# Images not showing in lightroom



## tommac (Feb 9, 2010)

Has anyone come accross the problem of lightroom not showing images in the library and develop modes. All the exif data is there and the images show in the web mode. Also there is no question mark to say lightroom doesn't know where the images are. I have tried a complete reinstall and using backed up catalogues but nothing seems to work. I'm using lightroom 2 on vista and everything was working fine up until a few days ago.

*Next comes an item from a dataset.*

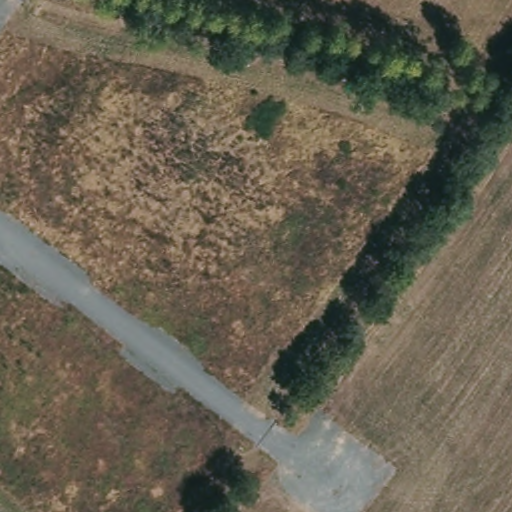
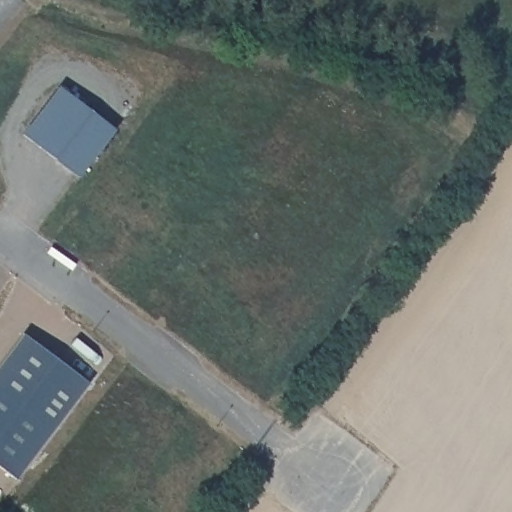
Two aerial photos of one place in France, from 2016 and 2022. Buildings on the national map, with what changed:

hope someone out there can help as I rely on Lightroom quite a bit.

Cheers
Tom


----------



## Denis Pagé (Feb 9, 2010)

Welcome to Lightroom Forums Tom!

99% of the time it is because the display color profile is corrupt. Just recalibrate and come back to tell the results...


----------



## tommac (Feb 9, 2010)

Denis your a life saver! That was exactly the problem. Thanks for your help.


----------



## abaddon07 (Feb 28, 2010)

I know this is going to sound like a stupid question but how do you do this? I am having the same problem with previews and images not showing and really want to fix this badly. Any help would be greatly appreciated.


----------



## tzalman (Feb 28, 2010)

If you haven't calibrated your monitor, you will have to buy a hardware calibrator. They run in cost from about $6' to over $2''. Another temporary solution may be to go into your computer's Display/Color Management dialog and set sRGB as the associated monitor profile. If your problem is caused by a faulty profile installed by a monitor driver, this will get LR working but the colors displayed will not be accurate.


----------